### Can We Track Pro-Ukrainian Sentiment Through Tweets?

**Michelle Kearney**

### Executive Summary

On February 24, 2022, Russian invaded Ukraine. Ukraine is completely dependent on foreign assistance for humanitarian, financial and military needs. Continued foreign aid is related to public support for their efforts in the war. Social media provides open source data on public opinion. This project explores the potential of using tweets to track public sentiment. A dataset provided by Daria Purtova on Kaggle was used for this project. It included tweets compiled between January 1, 2022 through March 6, 2022 that included one of eight search phrases related to the Russian-Ukrainian war. Tweets were classified by sentiment as either Pro-Ukraine or other using the TextBlob library.
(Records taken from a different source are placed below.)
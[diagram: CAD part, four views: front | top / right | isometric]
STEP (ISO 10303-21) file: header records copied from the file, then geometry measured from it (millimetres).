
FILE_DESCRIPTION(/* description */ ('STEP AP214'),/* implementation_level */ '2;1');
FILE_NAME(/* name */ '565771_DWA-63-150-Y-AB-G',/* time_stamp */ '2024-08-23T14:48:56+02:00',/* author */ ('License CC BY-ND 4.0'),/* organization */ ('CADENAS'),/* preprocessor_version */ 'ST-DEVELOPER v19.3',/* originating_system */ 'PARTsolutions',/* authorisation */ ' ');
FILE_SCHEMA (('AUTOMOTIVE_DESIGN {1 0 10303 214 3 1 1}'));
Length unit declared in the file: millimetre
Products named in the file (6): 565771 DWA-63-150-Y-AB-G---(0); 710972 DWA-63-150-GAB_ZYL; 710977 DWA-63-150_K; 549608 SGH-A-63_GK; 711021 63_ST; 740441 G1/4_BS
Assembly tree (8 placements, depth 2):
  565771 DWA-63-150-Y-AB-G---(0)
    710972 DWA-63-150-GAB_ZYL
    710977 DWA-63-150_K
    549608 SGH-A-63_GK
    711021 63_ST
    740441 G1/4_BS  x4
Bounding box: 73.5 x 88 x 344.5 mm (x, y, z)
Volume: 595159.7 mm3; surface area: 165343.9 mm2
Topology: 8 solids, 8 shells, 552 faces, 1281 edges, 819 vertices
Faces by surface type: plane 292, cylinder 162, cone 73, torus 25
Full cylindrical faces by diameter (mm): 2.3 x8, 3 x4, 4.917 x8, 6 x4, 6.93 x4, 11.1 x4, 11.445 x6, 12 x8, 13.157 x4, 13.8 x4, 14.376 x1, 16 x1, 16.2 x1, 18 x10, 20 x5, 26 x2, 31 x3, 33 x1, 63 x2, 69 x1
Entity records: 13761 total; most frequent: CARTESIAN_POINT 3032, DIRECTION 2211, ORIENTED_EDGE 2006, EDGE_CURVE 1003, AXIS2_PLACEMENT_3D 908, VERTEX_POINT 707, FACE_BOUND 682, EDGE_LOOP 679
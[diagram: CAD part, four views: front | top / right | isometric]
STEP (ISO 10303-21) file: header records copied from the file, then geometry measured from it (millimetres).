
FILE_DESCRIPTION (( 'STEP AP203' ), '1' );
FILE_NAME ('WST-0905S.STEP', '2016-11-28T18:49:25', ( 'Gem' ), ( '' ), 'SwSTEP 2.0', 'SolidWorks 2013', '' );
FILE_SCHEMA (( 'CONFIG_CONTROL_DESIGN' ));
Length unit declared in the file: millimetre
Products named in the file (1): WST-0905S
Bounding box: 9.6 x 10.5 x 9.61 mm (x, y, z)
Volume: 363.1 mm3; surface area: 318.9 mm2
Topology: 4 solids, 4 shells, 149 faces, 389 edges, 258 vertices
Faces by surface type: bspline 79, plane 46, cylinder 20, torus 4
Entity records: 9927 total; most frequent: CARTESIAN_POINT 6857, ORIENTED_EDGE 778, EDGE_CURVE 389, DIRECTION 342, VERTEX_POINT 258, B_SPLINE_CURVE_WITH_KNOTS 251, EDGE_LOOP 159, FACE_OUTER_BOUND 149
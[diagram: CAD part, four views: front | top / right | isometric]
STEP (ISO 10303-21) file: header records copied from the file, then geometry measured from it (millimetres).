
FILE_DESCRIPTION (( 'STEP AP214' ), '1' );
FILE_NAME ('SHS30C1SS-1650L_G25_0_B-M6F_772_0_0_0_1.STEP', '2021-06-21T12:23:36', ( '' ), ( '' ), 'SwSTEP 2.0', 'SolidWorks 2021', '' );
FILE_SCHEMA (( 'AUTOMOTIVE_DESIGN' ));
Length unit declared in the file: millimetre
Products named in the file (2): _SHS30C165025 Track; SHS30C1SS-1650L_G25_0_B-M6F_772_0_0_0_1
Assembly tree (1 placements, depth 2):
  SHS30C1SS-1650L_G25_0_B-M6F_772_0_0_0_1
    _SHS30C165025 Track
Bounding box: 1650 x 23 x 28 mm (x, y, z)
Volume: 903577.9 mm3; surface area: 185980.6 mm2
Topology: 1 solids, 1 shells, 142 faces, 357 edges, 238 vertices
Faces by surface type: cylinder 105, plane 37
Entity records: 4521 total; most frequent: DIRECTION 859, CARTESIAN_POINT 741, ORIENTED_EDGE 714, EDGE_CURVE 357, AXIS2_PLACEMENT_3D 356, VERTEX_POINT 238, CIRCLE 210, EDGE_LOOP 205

Once texts were classified, classification models using logistic regression, k-nearest neighbors and decision trees were compared to build an optimum model to classify text. Based on a sample of 100 tweets, the sentiment analysis was correct in 72% of the cases. The K-nearest neighbors model performed slight better than the other two models, but none of the models improved on the baseline model for predicting the test set. Features that the models identified as the most correlated with sentiment were the search phrase, especially 'Ukraine War', dates, the app TweetDeck, retweet counts and like counts. 

### Rationale

On February 24, 2022, Russia invaded Ukraine. This led to the largest refugee and humanitarian crisis within Europe since the Yugoslav Wars in the 1990s. According to a report by the [Council on Foreign Relations](https://www.cfr.org/article/how-much-aid-has-us-sent-ukraine-here-are-six-charts), forty-seven countries have provided military aid to Ukraine. The U.S. alone has directed more than \\$75 billion in assistance for humanitarian, financial, and military support. Ukraine expects a \\$38 billion budget deficit this year and the Ukrainian government is requesting an additional \$14 billion in foreign aid for rapid reconstruction of critical infrastructure [(Reuters).](https://www.reuters.com/world/europe/ukraine-says-its-received-167-bln-foreign-aid-this-year-2023-05-11/). Continued foreign aid is heavily dependent on public support for Ukraine. 

### Research Question

Social media provides a plethora of open source data on public opinion. The goal of this project is to determine if we can track public support for Ukraine through tweets.

### Data Sources

The dataset used for this project comes from Daria Purtova on [Kaggle.](https://www.kaggle.com/datasets/foklacu/ukraine-war-tweets-dataset-65-days) Purtova compiled tweets between January 1, 2022 to March 6, 2022. She searched on the following phrases and compiled results into 8 separate CSV files based on the search phrases.

* ukraine war
* ukraine troops
* ukraine border
* ukraine NATO
* StandWithUkraine
* russian troops
* russian border ukraine
* russia invade

Each file consisted of 29 features. Some of the columns were identifiers, not unique, redundant or not populated enough to be useful. Eight of the features were useful for this study. They include the following:

* **Date** - the date the tweet was posted (object)
* **Content** - the text of the tweet (object)
* **replyCount** - the number of replies to the tweet (int64)
* **retweetCount** - the number of times the tweet was retweeted (int64)
* **likeCount** - the number of times the tweet was liked (int64)
* **quoteCount** - the number of times the tweet was quoted (int64)
* **SourceLabel** - the type of app from which the tweet was sent (e.g. iPhone, Android, Web app) (object)
* **Searh** - the search phrase used to compile the text

The language of the text was one of the features, but only English texts were used for this study. To save on computational time, 7000 tweets were randomnly selected from each of the 8 CSV files to make the final dataset of 56000 tweets. Content was used to classify the text by sentiment. Sentiment was used as the response variable. The other seven variables were evaluated as predictors. 

### Methodology

A binary classification will be created for each text as either pro-Ukraine or other.  Other could be Anti-Ukraine or neutral. The TextBlob library was used to assign a sentiment to each text following the method of [satyajit1910](https://www.geeksforgeeks.org/twitter-sentiment-analysis-on-russia-ukraine-war-using-python/). 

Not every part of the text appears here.